Stored data entries
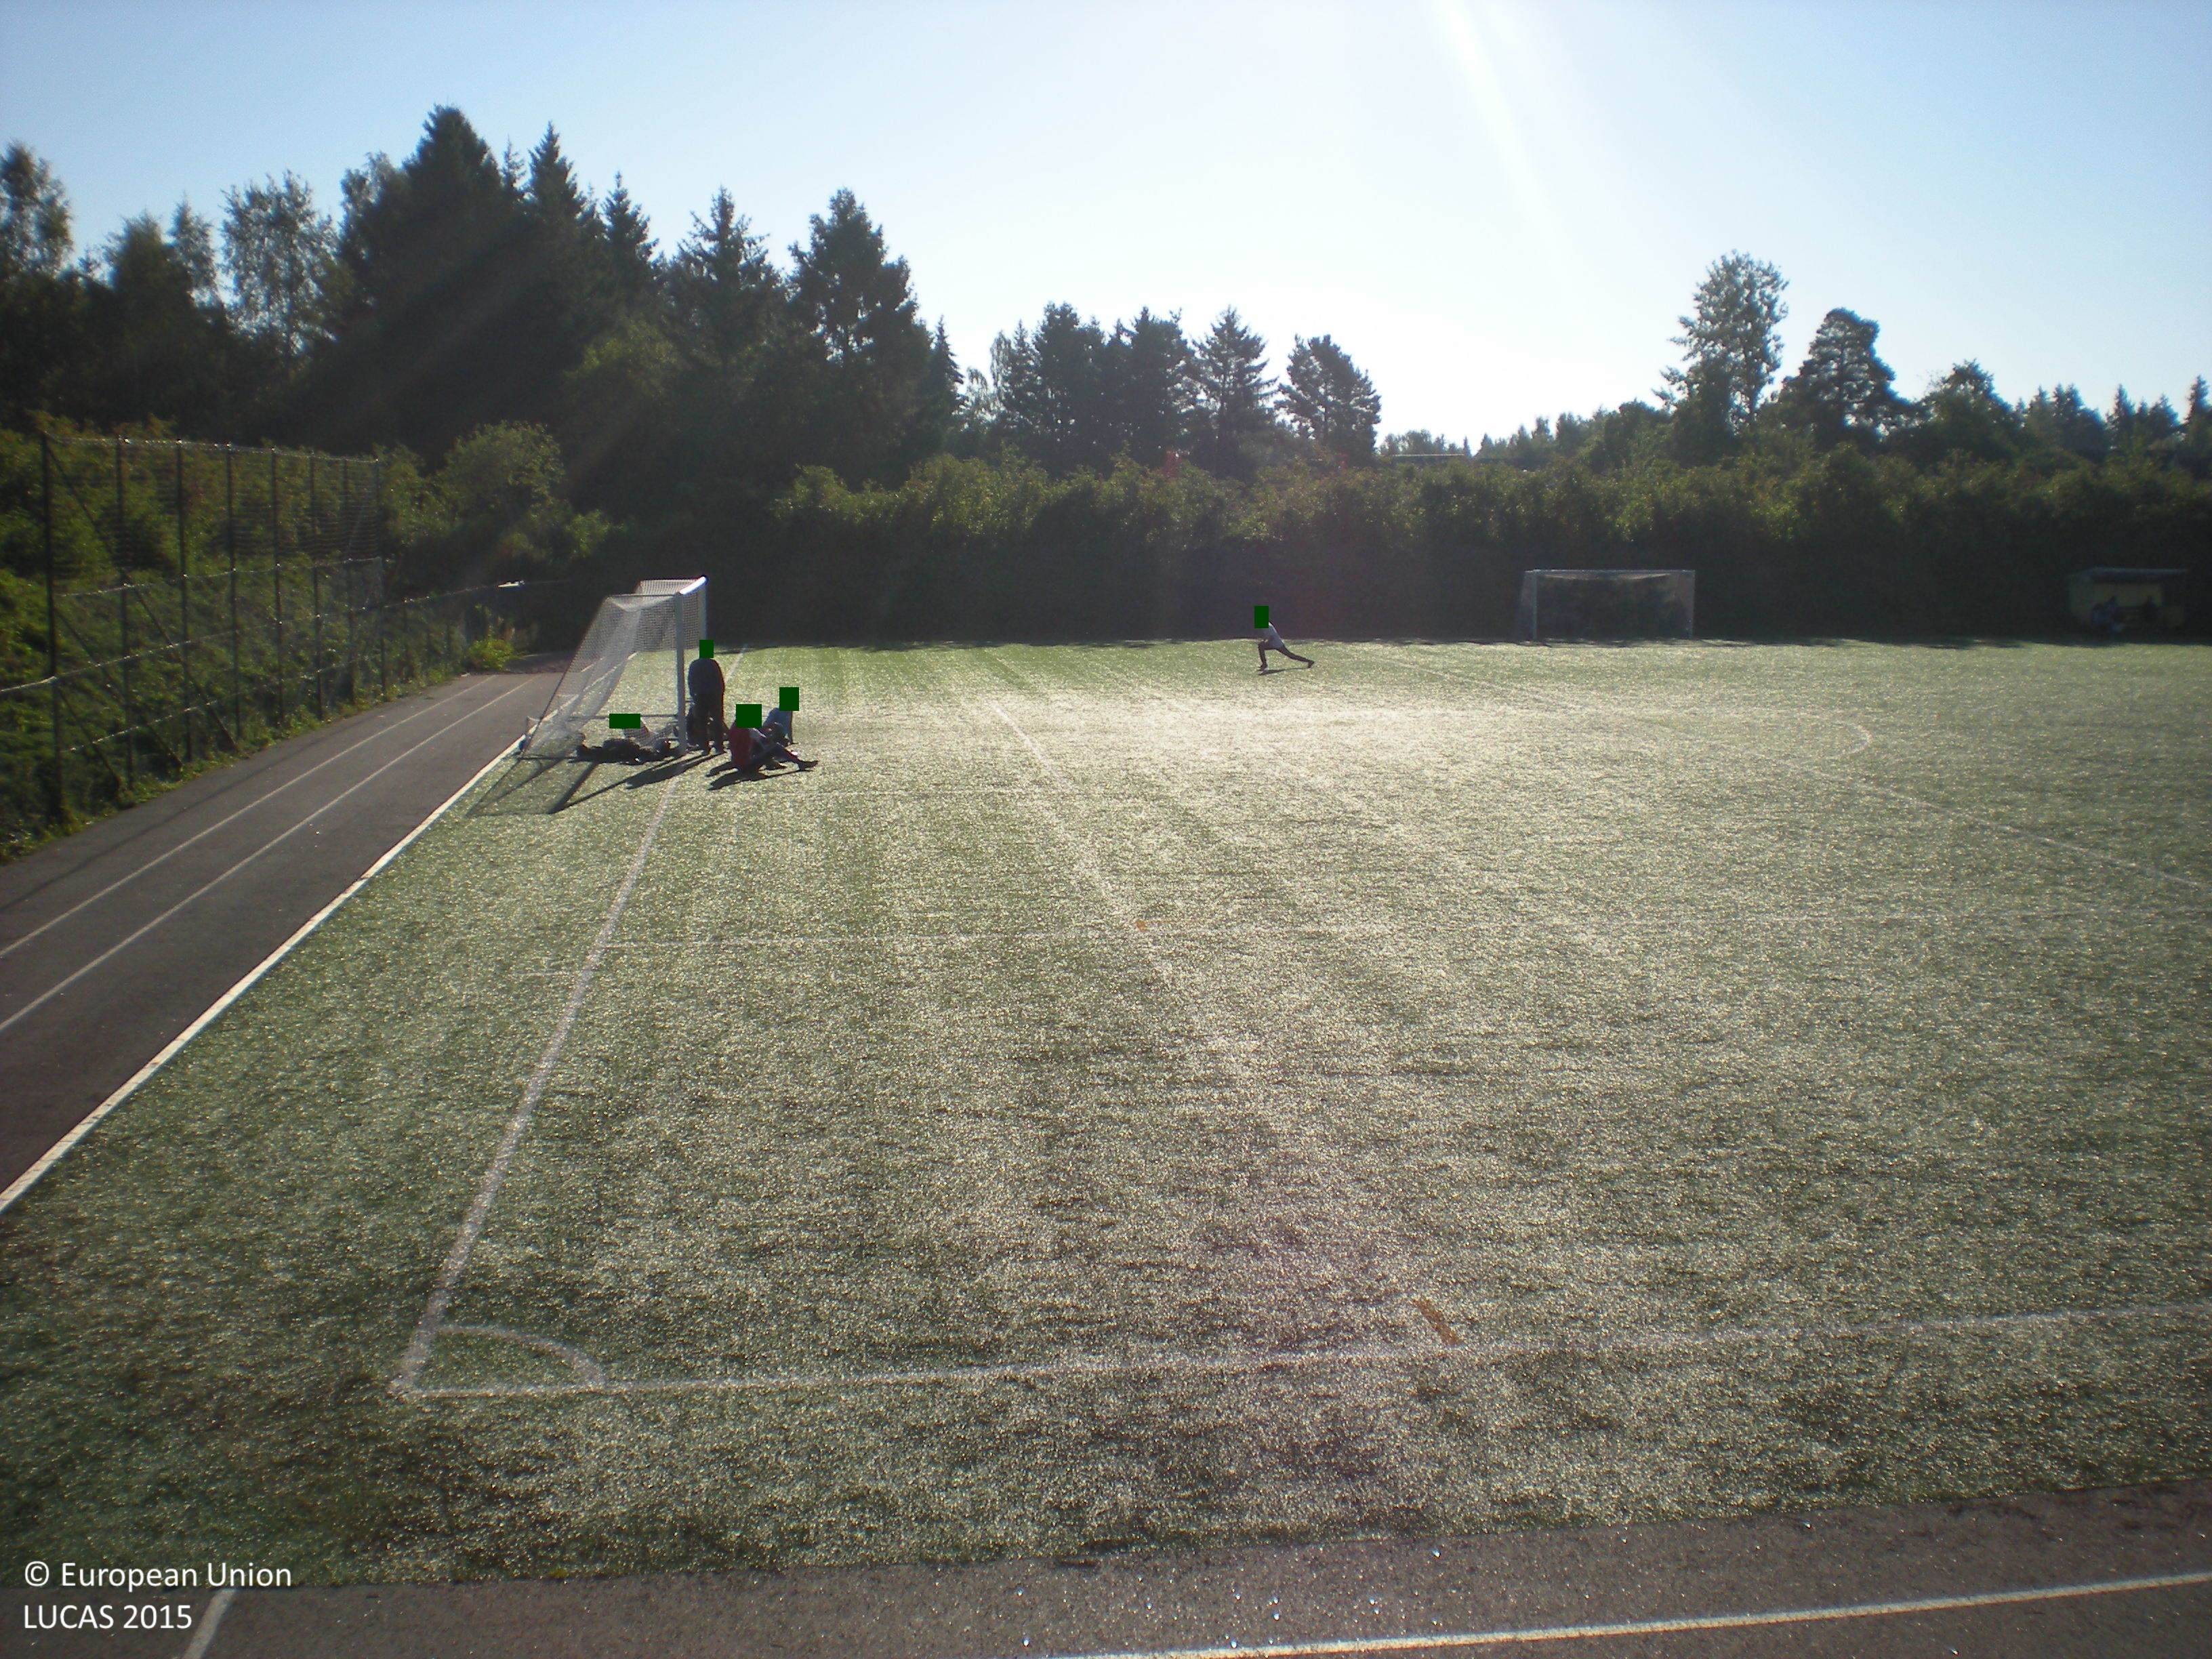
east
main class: Shrubland
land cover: Shrubland with sparse tree cover
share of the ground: > 75 %
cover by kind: shrubs 95 %, broadleaved forest trees 5 %
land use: Amenities, museums, leisure
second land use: Sport
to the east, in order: Shrubland with sparse tree cover; Artificial constructions in urban areas; Shrubland with sparse tree cover; Broadleaved woodland; Paved roads, cycling and walking lanes; Grassland without tree/shrub cover; Broadleaved woodland; Spruce dominated coniferous woodland; Broadleaved woodland; Paved roads, cycling and walking lanes; Lines of trees; Grassland without tree/shrub cover; Tracks; Broadleaved woodland; Artificial constructions in urban areas
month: August
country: SE
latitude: 60.6509
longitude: 17.1408

_WHAT NEEDS TO BE DONE_.
All of the data above needs to be retyped exactly, with the pictures removed.

_ANSWER BOX_.
east
main class: Shrubland
land cover: Shrubland with sparse tree cover
share of the ground: > 75 %
cover by kind: shrubs 95 %, broadleaved forest trees 5 %
land use: Amenities, museums, leisure
second land use: Sport
to the east, in order: Shrubland with sparse tree cover; Artificial constructions in urban areas; Shrubland with sparse tree cover; Broadleaved woodland; Paved roads, cycling and walking lanes; Grassland without tree/shrub cover; Broadleaved woodland; Spruce dominated coniferous woodland; Broadleaved woodland; Paved roads, cycling and walking lanes; Lines of trees; Grassland without tree/shrub cover; Tracks; Broadleaved woodland; Artificial constructions in urban areas
month: August
country: SE
latitude: 60.6509
longitude: 17.1408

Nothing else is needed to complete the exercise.